O STF brasileiro, com esses onze ministros que estão lá hoje, não é fruto de um azar da natureza, como os terremotos e enchentes — é fruto das escolhas políticas que vêm sendo feitas no Brasil nos últimos trinta anos, das eleições dos presidentes da República às eleições de senadores e deputados federais. Seus ministros não foram colocados lá pelo Parlamento da Nova Zelândia. São o resultado direto e inevitável da vida política brasileira; é dali que saem, como Eva saiu da costela de Adão. Lula, Dilma, Bolsonaro? Temer, Aécio, Rodrigo Maia? Renan Calheiros, Davi Alcolumbre? Dá tudo na mesma. O STF que está aí é o STF que eles quiseram, e que a maioria dos políticos eleitos no Brasil quis. Não adianta achar que os responsáveis são outros — da mesma maneira que não adianta imaginar que o Supremo teria um comportamento decente se não fosse comandado por Gilmar. Os outros dez são mais ou menos iguais a ele — a diferença é que não sabem agir com a mesma eficácia.

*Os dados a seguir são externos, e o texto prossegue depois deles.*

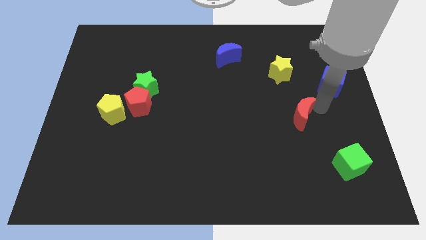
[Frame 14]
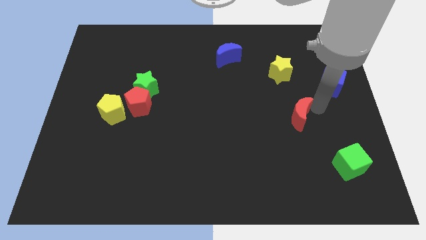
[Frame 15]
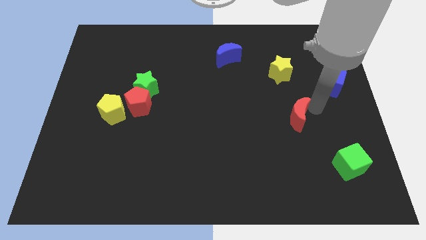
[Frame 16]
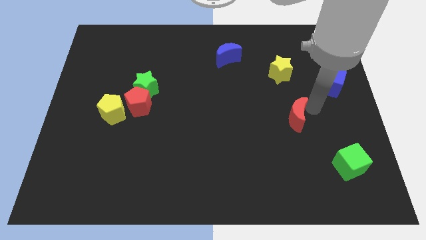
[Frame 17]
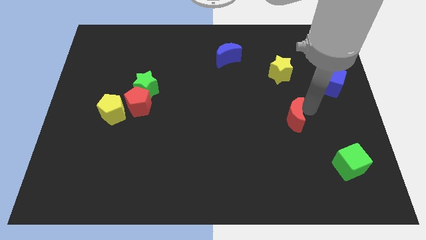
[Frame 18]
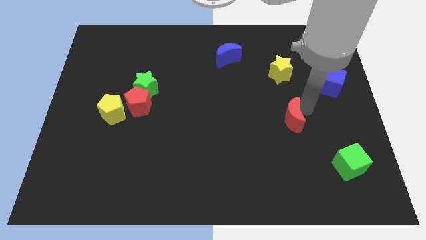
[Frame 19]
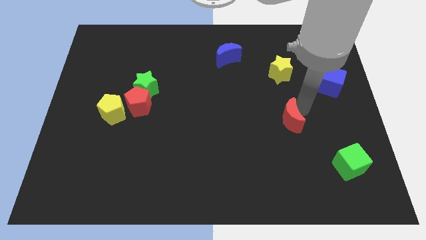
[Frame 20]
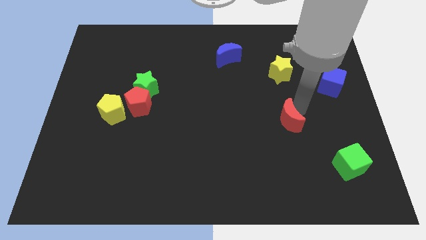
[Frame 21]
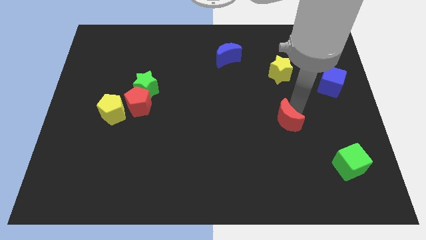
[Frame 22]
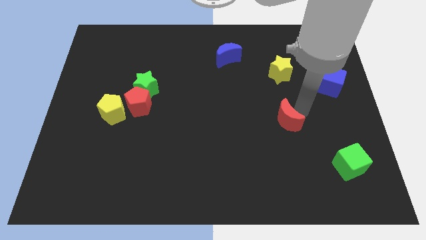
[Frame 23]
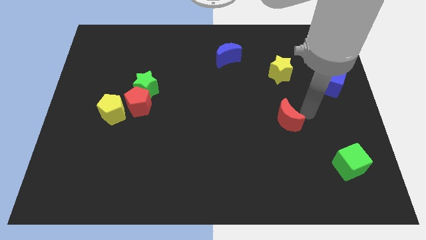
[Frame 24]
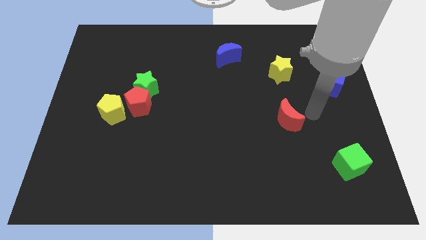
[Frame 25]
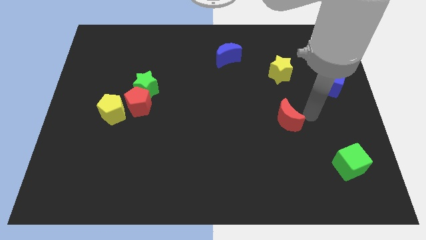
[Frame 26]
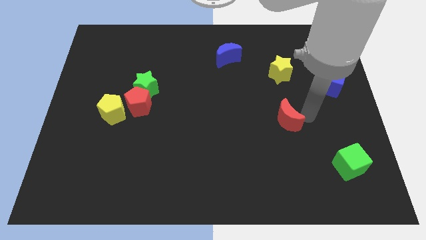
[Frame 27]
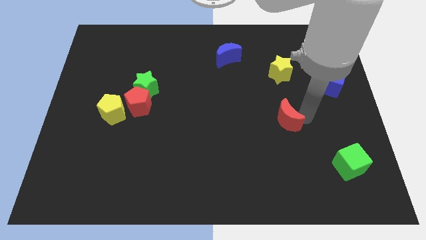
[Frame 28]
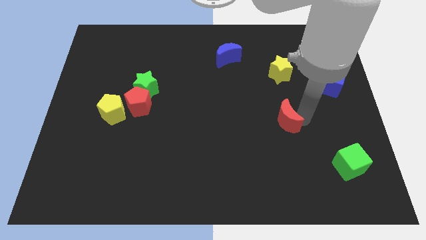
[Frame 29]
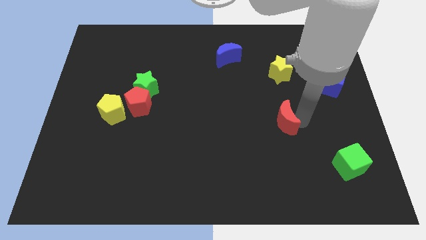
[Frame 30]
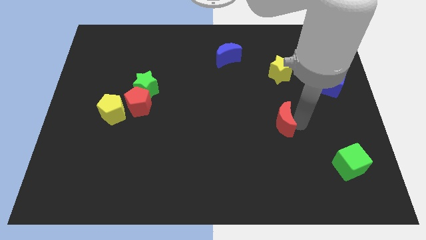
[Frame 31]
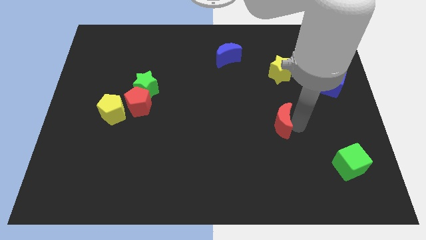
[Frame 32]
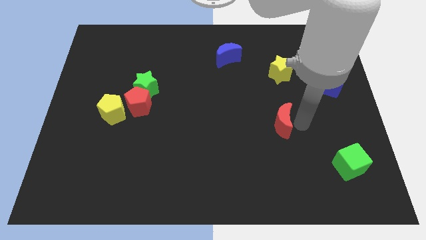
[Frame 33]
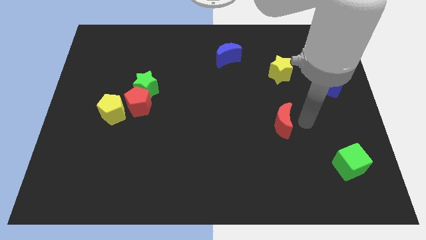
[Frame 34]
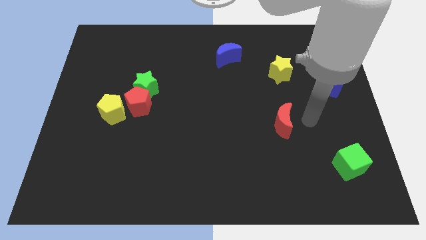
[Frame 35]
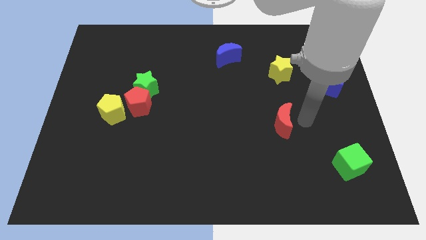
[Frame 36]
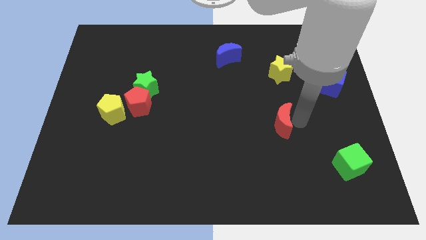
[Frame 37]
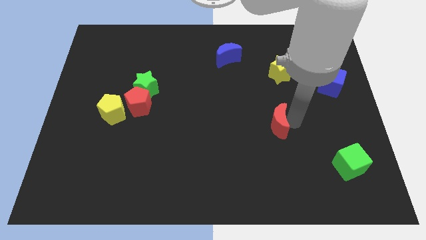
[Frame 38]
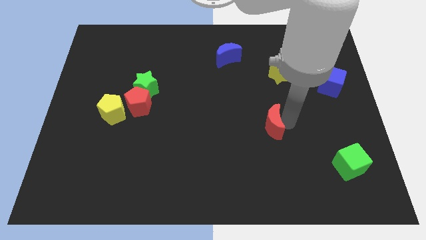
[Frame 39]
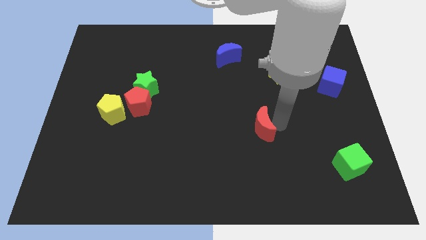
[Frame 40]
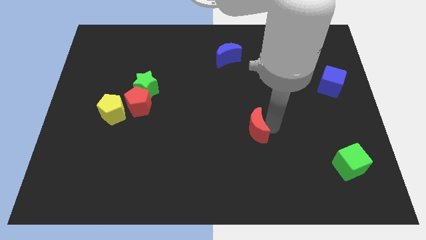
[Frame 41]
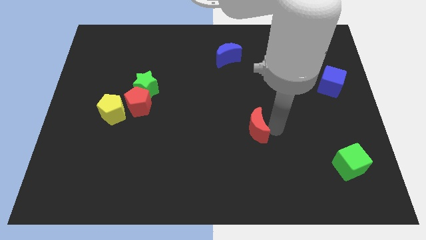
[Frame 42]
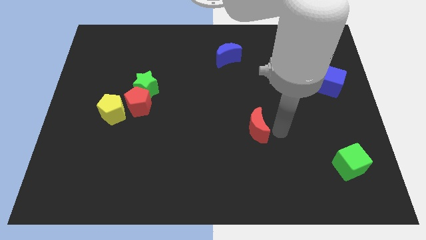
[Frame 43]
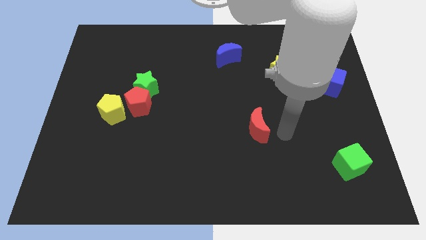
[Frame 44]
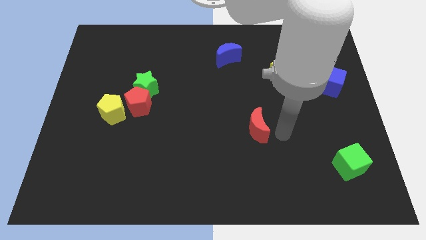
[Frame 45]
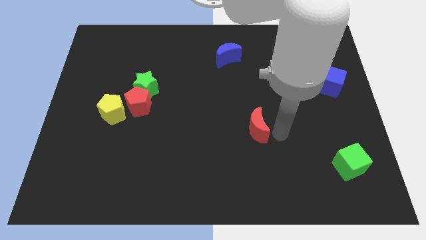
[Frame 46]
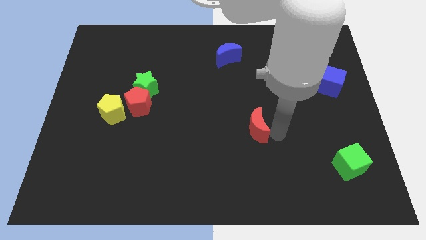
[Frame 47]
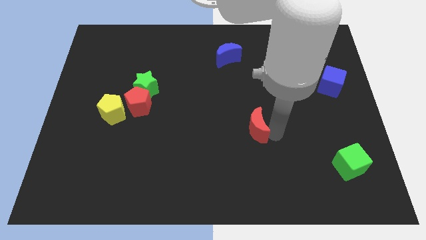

Cada dia é um dia, é claro, e não existe nada definitivamente seguro debaixo da luz do sol. Mas a experiência tem mostrado que o homem decisivo é o ministro Gilmar. O novo presidente do STF, Luiz Fux, recém-chegado ao cargo, dá a impressão de estar tentando algo diferente — acaba de transferir para o plenário, por exemplo, a decisão sobre casos de corrupção hoje entregues à notória “segunda turma”, onde Gilmar reina diretamente. Levou o troco na hora. “Não faz sentido chegar do almoço e receber a notícia que tem (sic) uma reforma regimental que será votada”, disse Gilmar. “Não é assim que se procede”. Fazer isso, no seu entender, seria como baixar um “Ato Institucional”. Foi uma bronca e tanto; vamos ver, a partir de agora, até onde o ministro Fux vai chegar com sua independência. Um que tentou antes foi o ministro Luís Roberto Barroso — chegou a dizer em plenário que Gilmar era “uma pessoa horrível” e “uma desonra para todos nós”. De lá para cá, parece que baixou o facho; não se ouviu mais nada de relevante em que tivesse se colocado contra o presidente do Judiciário. O ministro Gilmar Mendes não é nenhuma anomalia de circo, como a mulher barbada ou o bezerro de duas cabeças. É o retrato exato deste STF que está aí — e da Justiça brasileira tal como ela funciona hoje.